# Exercise goal:
Every line of the records that contains "conventional" should be tallied, and only the resulting number returned.

[[ Data for this task, beginning ]]

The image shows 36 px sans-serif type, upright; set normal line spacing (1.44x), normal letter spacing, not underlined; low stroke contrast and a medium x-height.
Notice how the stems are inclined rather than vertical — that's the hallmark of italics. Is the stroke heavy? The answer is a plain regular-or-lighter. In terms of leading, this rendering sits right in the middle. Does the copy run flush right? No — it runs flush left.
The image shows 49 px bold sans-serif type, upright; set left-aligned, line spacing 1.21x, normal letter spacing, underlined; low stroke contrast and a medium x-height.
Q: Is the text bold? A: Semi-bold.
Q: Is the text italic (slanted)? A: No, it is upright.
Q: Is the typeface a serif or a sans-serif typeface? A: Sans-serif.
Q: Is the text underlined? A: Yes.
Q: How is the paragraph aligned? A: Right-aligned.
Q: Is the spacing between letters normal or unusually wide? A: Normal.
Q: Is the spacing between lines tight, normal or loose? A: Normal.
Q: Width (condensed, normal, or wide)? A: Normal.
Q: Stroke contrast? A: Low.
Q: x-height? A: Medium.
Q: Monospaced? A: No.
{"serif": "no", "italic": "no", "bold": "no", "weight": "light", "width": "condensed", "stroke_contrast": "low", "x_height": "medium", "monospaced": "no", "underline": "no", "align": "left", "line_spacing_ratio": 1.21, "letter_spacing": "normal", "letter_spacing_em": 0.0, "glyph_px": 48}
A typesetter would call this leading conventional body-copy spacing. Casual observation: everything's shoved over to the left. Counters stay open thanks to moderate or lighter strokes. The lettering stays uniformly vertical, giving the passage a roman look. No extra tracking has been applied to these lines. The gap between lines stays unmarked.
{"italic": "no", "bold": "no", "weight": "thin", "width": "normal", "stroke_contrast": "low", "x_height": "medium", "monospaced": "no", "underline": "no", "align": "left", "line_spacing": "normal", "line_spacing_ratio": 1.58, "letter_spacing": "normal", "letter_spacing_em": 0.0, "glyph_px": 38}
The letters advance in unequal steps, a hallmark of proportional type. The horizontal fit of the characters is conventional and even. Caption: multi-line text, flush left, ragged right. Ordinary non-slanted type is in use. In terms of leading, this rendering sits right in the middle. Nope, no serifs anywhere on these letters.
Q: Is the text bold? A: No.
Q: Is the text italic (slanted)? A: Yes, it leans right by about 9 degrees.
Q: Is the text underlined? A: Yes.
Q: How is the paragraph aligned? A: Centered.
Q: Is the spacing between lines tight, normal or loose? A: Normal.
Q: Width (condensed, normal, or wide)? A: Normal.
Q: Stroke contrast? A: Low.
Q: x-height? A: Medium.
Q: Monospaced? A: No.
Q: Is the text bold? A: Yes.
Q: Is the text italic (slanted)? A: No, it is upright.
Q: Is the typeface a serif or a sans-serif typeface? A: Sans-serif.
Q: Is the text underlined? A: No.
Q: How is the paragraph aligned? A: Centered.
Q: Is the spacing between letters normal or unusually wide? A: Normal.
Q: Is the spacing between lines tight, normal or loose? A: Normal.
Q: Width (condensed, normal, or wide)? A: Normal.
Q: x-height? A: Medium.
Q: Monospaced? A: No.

[[ Data for this task, end ]]

# Answer to the problem:
2